On November 16, 2013, Wu debuted for Wrestle-1 (W-1), teaming with Daiki Inaba and El Hijo del Pantera to defeat Hiroshi Yamato, Mazada and Nosawa Rongai. From his debut, Wu feuded with Tokyo Gurentai's Mazada and regularly teamed with El Hijo del Pantera. On January 12, 2014, he defeated veteran Mazada in a singles match at Korakuen Hall. At Kaisen: Outbreak, Wu, Inaba and Yamato lost to Tokyo Gurentai. On April 17, Wu defeated Mazada in another Korakuen Hall singles match. On July 6, at Ryōgoku Kokugikan, Wu and Inaba defeated Mazada and Rongai. Wu and El Hijo del Pantera moved onto feuding with Novus, a stable off wrestlers from the defunct Wrestling New Classic (WNC). At Total Nonstop Action Wrestling's Bound for Glory, Wu and El Hijo del Pantera lost to Jiro Kuroshio and Yusuke Kodama. On February 13, 2015, after Wu and El Hijo del Pantera lost to Kazma Sakamoto and Koji Doi, the pair argued which ultimately led to El Hijo del Pantera joining the Desperado stable. They briefly feuded; El Hijo del Pantera defeated Wu in the opening round of the tournament to crown the first Wrestle-1 Cruiser Division Champion, but it came to an end on June 20 when the pair shook hands after Wu defeated El Hijo del Pantera.
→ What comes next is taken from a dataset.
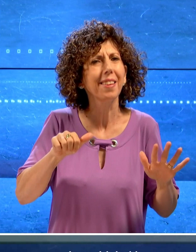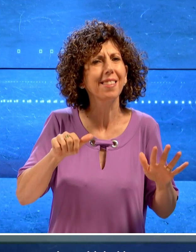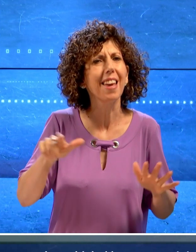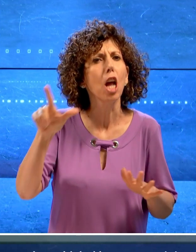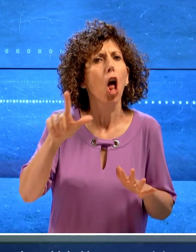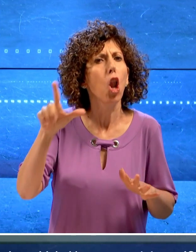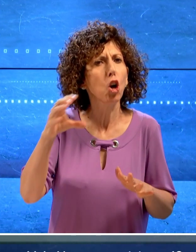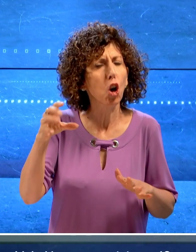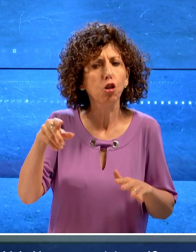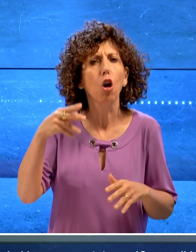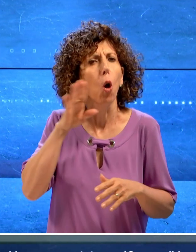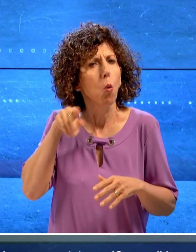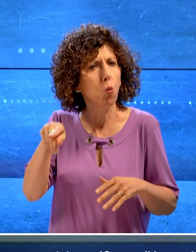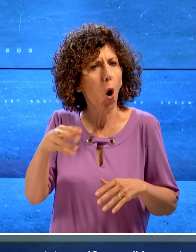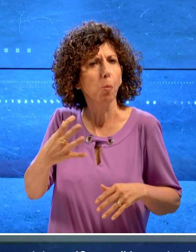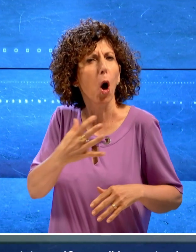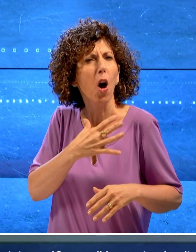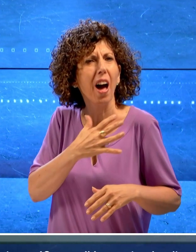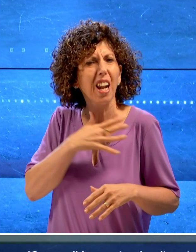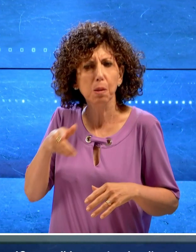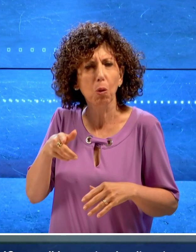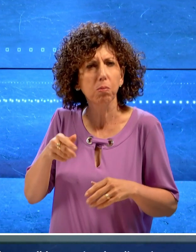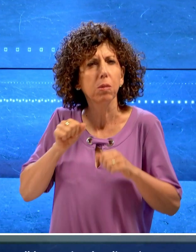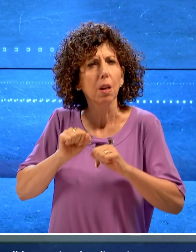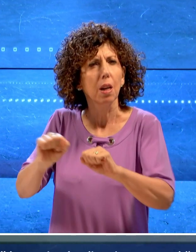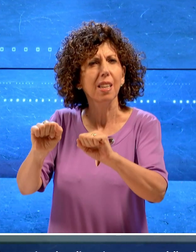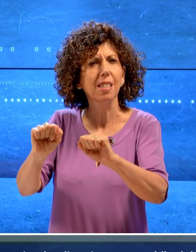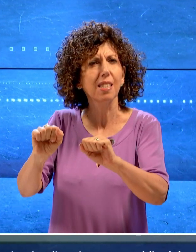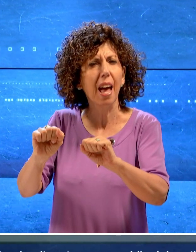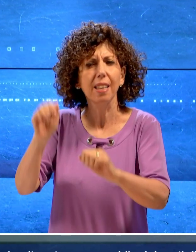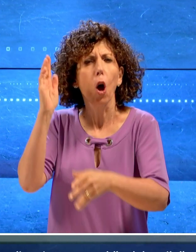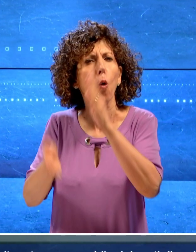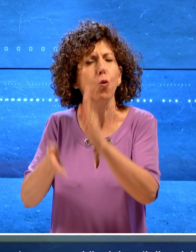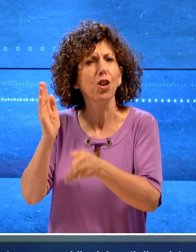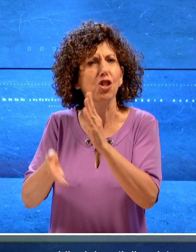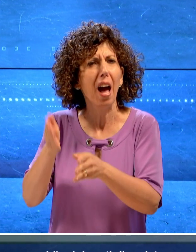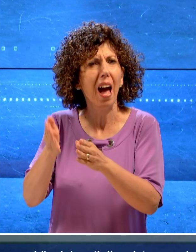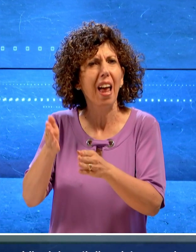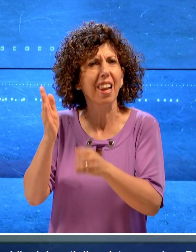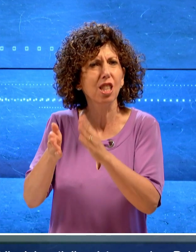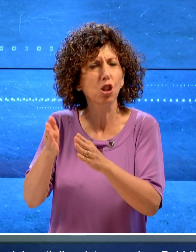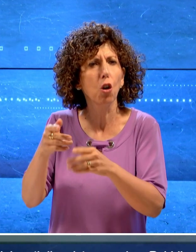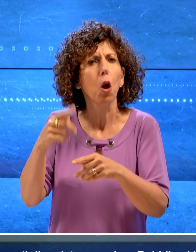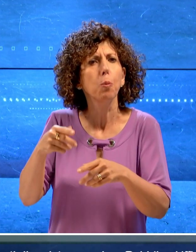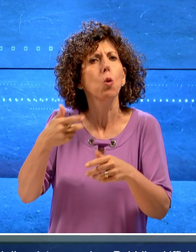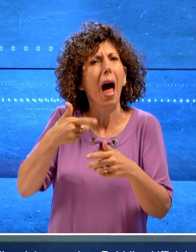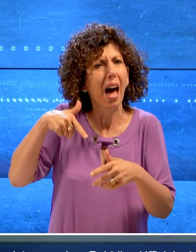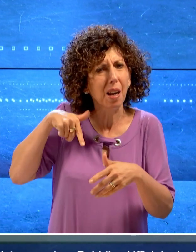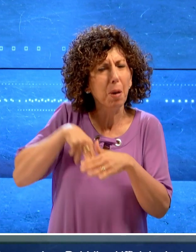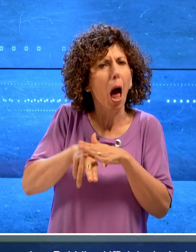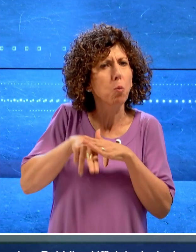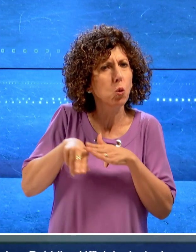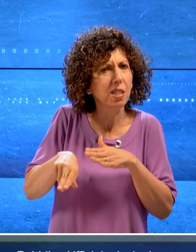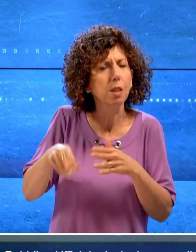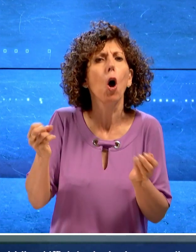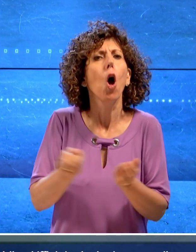ritenuto responsabile di resistenza pubblico ufficiale, lezioni personali aggravate e porto abusivo di armi. I
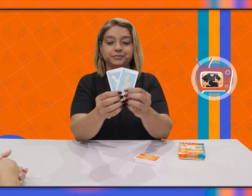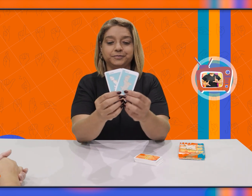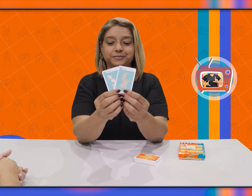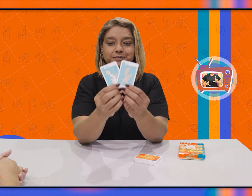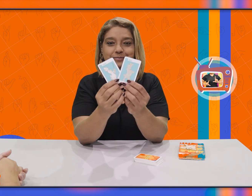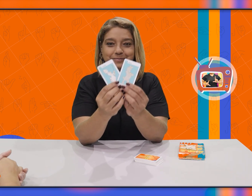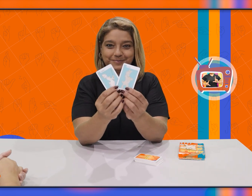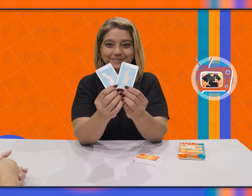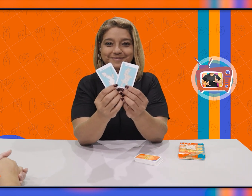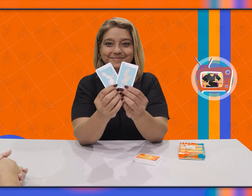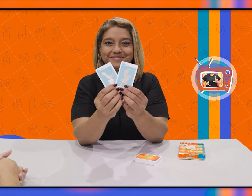Olhem!

On September 23, Wu defeated Minoru Tanaka to win the Wrestle-1 Cruiser Division Championship, the first championship of his career. He made three successful defences before losing the title to Hiroshi Yamato on January 10, 2016. On July 1, Wu unsuccessfully challenged Kotaro Suzuki for the Wrestle-1 Cruiser Division Championship. Wu bounced back 28 days later by winning the UWA World Trios Championship with Daiki Inaba and Seiki Yoshioka. On December 6, the trio along with Jiro Kuroshio, Yusuke Kodama, Kumagoro, Koji Doi and Kohei Fujimura formed New Era, a stable of young wrestlers with the goal to dominate Wrestle-1. Two days later, they lost the UWA World Trios Championship to Jun Kasai, Nosawa Rongai and Shuji Kondo. On April 16, 2017, Wu teamed with Kumagoro and Koji Doi to win back the UWA World Trios Championship for New Era. Three days later, Wu defeated Yoshioka for his second Wrestle-1 Cruiser Division Championship. He lost the title to Mazada on May 4 and also lost the UWA World Trios Championship two days later. Wu regained the Wrestle-1 Cruiser Division Championship on July 16 but it was another short title reign as he lost it to Yoshioka on September 2. Wu reached the finals of the 2018 Wrestle-1 Cruiser Festival but was defeated by fellow New Era member Alejando (formally Kohei Fujimura) on March 14. After infighting and member defections, New Era choose to disband officially on April 19.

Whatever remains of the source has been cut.